For instance, here the Discarded Packets message would have the bounds
[pkt0.end_ts, pkt8.begin_ts].
In the context of a live source, the tracer could report an inactivity
period during the interval of the "Discarded packets" message.
Those live protocol messages eventually translate into an "Iterator
Inactivity" message with a timestamp set at the end of the inactivity
period.
If the tracer reports an inactivity period that ends at a point
between pkt0 and pkt8 (resulting in an "Iterator Inactivity" message),
the live source will send a "Discarded Packets" message that starts
before the preceding "Iterator Inactivity" message, breaking the
monotonicity constraint of the graph.
This happens regularly when `clear` is used on an LTTng live session as
it effectively discards packets, something that would otherwise not
happen (before LTTng 2.12) as most users set their tracing channels in
"discard" mode (the default for that session type).

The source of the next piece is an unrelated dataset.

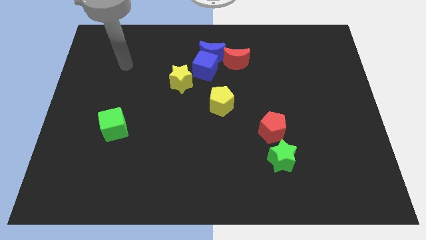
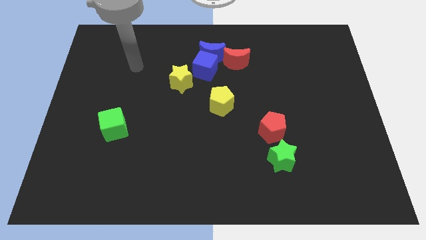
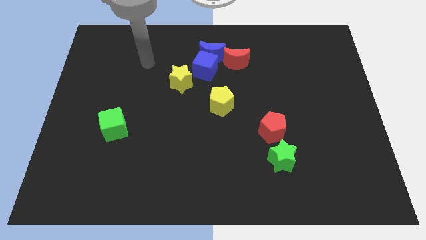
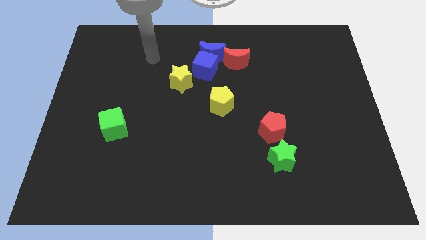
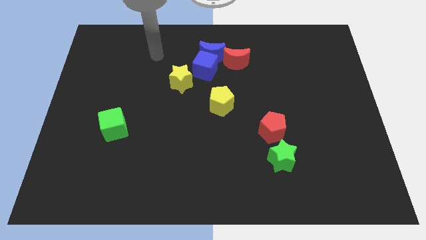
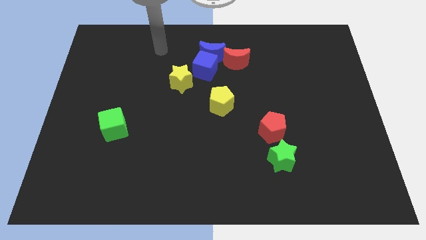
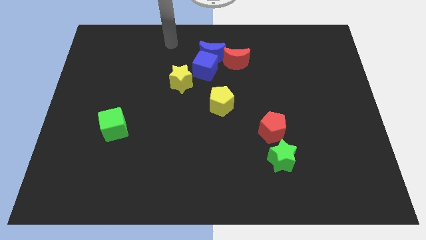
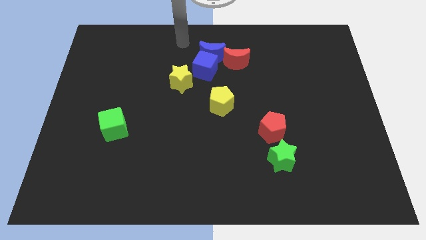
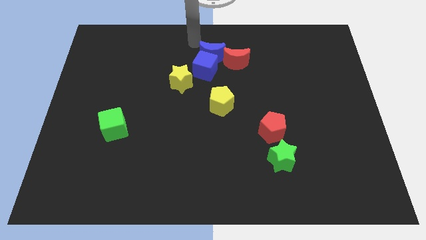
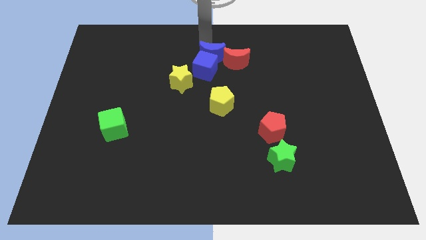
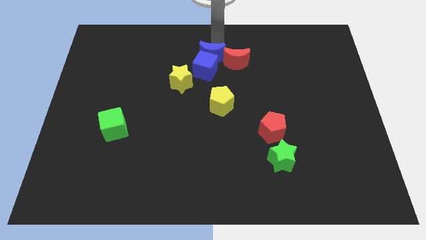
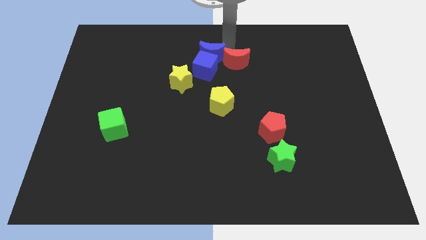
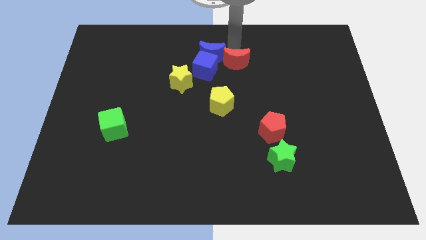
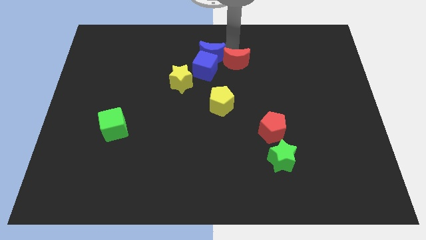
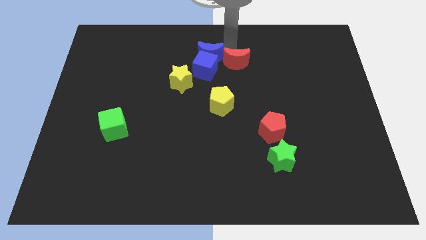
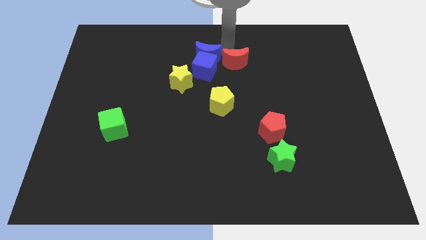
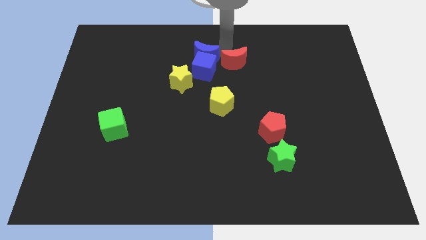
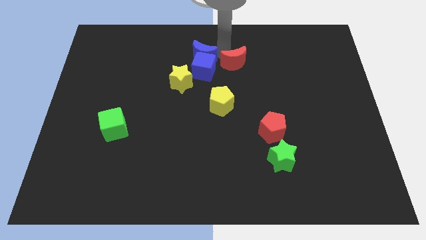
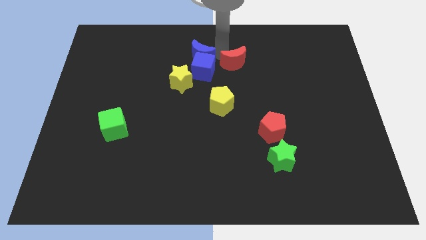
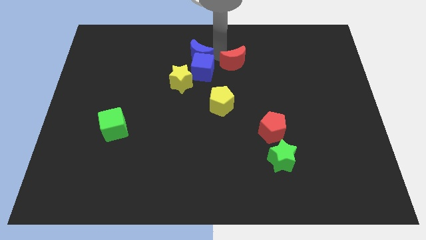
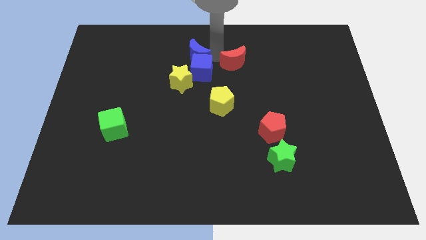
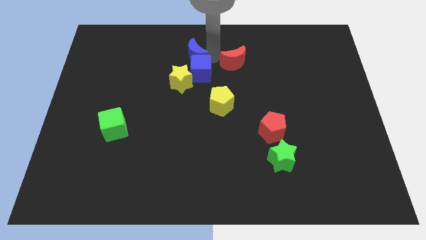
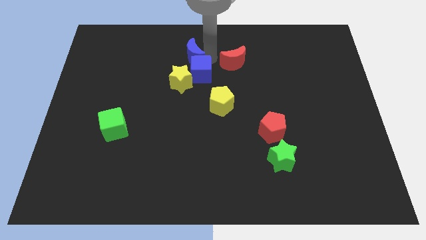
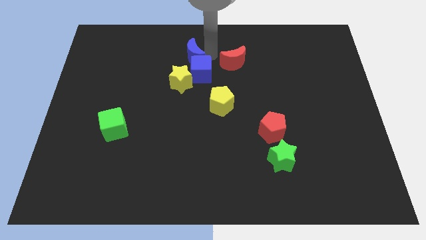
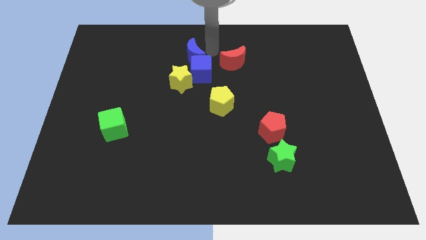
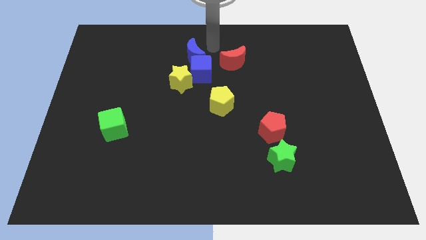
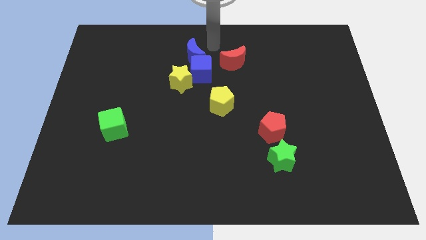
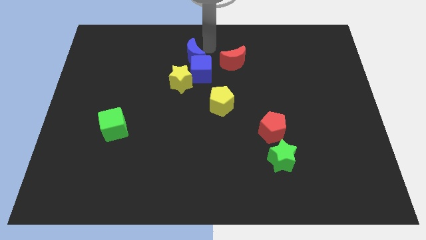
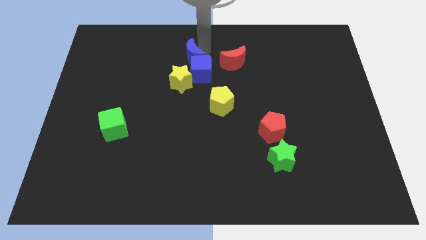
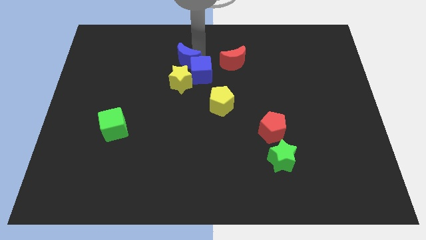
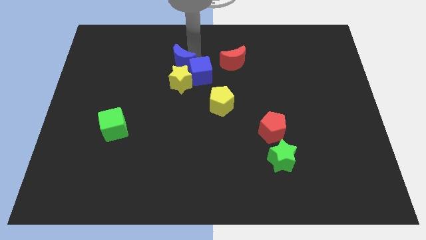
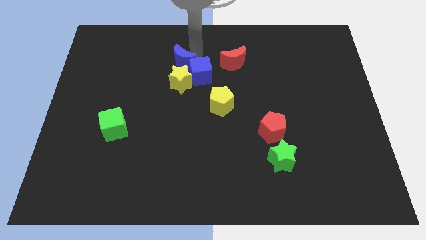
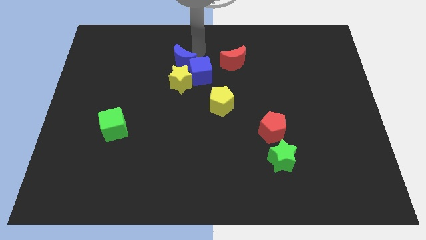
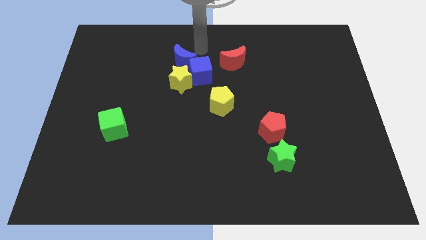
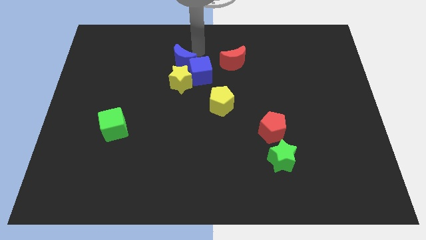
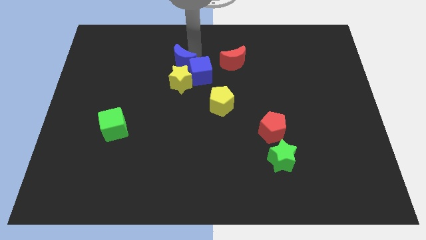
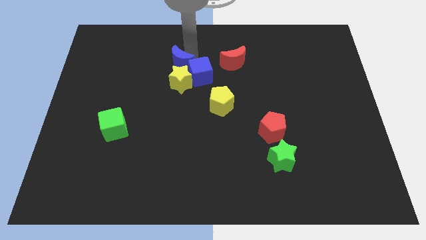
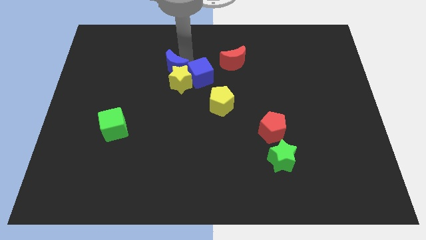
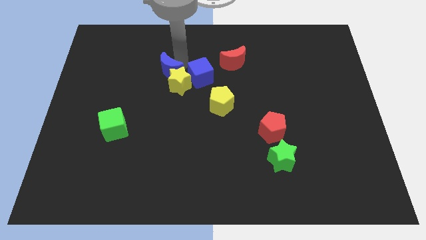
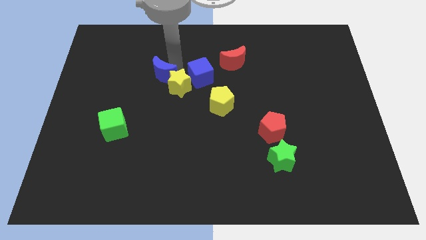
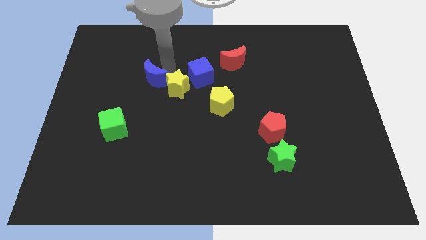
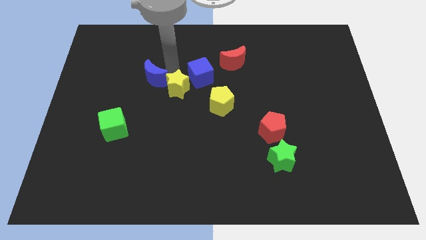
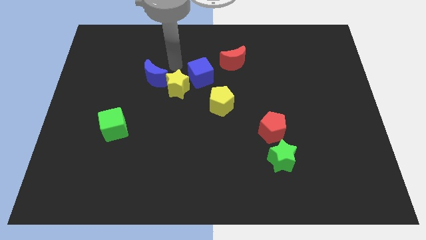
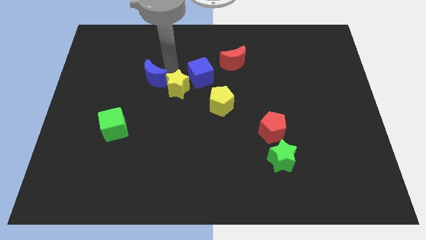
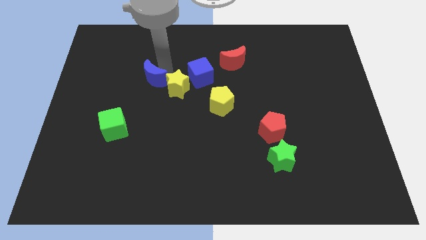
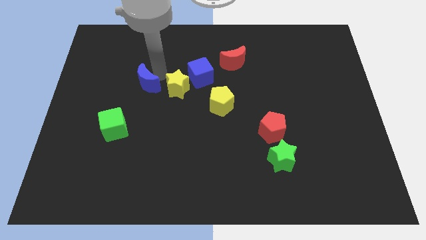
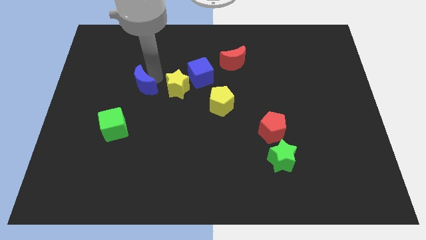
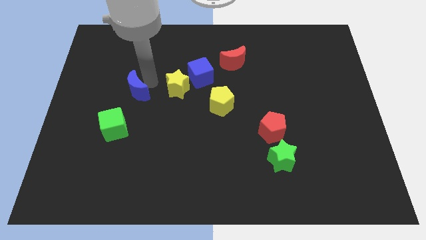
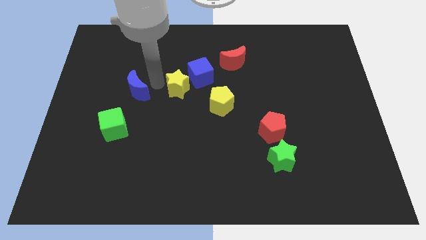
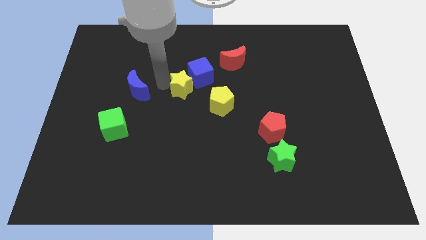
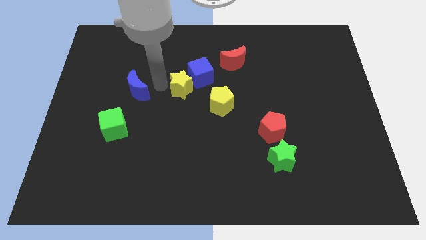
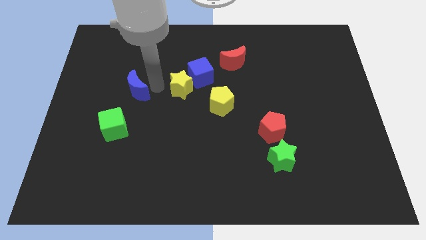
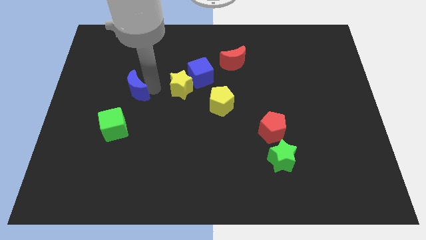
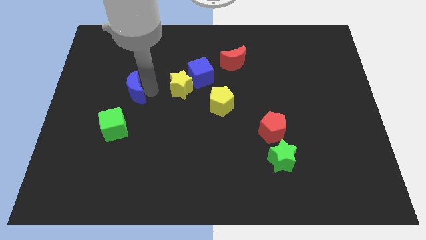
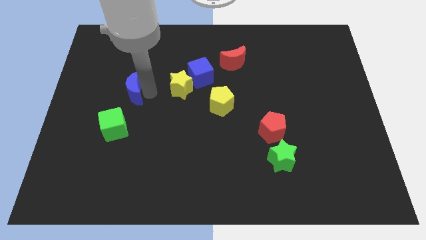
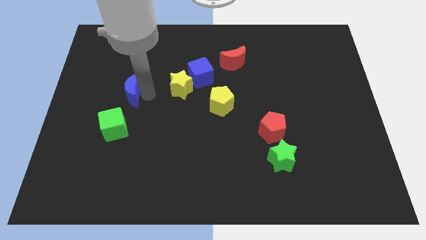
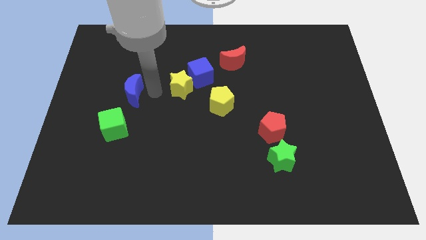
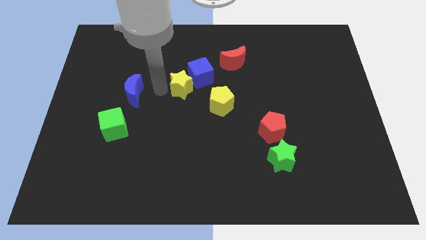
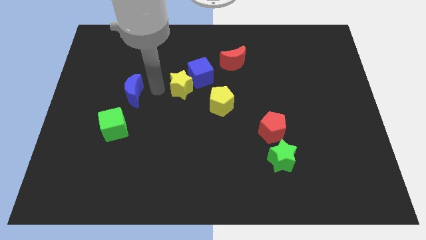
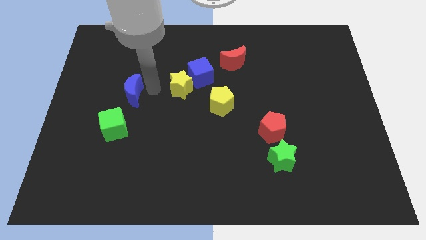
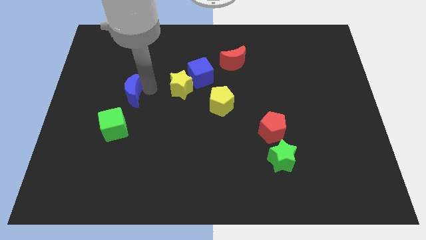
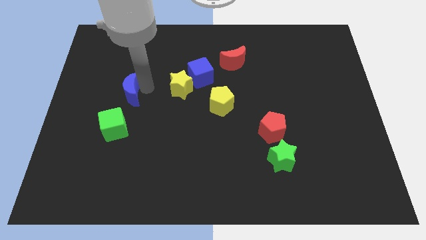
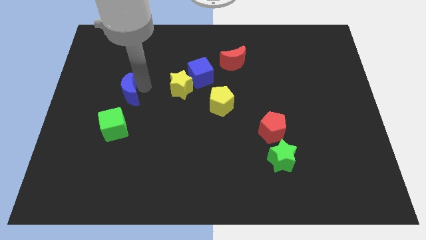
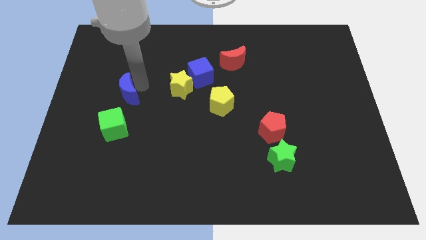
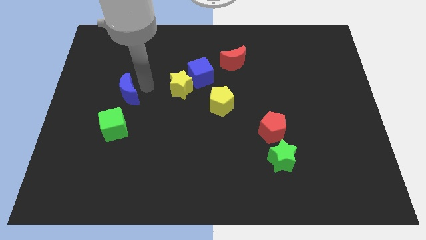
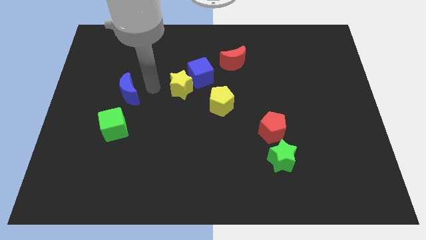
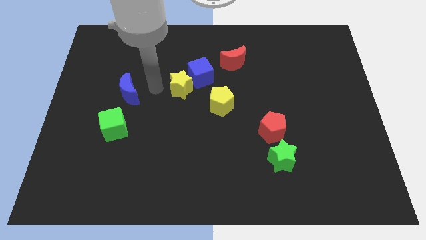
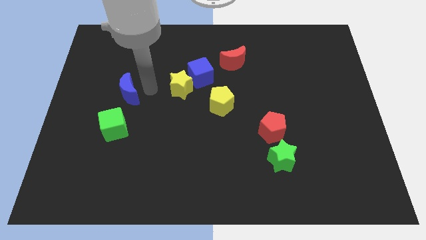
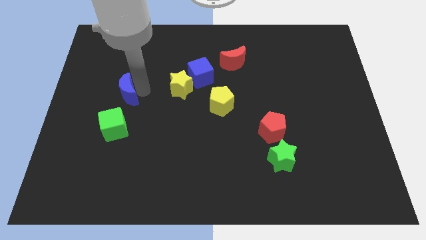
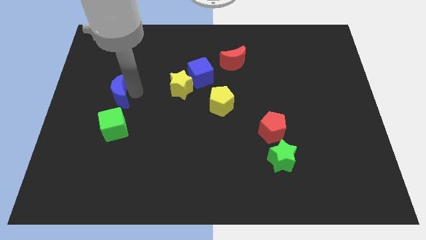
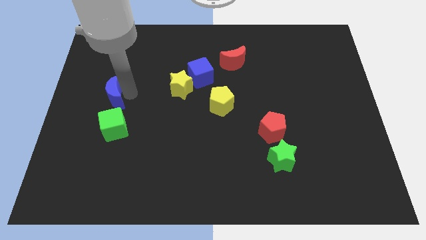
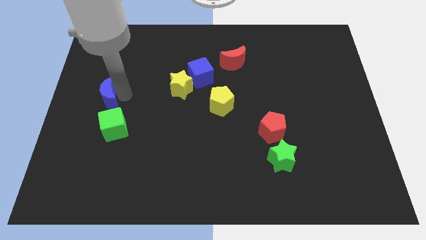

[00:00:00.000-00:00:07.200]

However, the same problem as described above applies to "Discarded
Events" messages and could occur with older LTTng versions.
Solution
========
"Discarded Events" and Discarded Packets" messages are intercepted
in the lttng-live source's "muxer" and are _adjusted_ so that
they honor the monotonicity guarantee of the graph.
In effect, whenever such a message is seen to have a begin timestamp
that is _before_ the last inactivity timestamp, its begin timestamp
is adjusted to the last inactivity timestamp's value.
From a correctness standpoint, this is okay. If the tracer notified the
relay daemon of an inactivity period on a stream, we can rely on the
fact that no data was produced during that time to affirm that no
packets where lost during that time either.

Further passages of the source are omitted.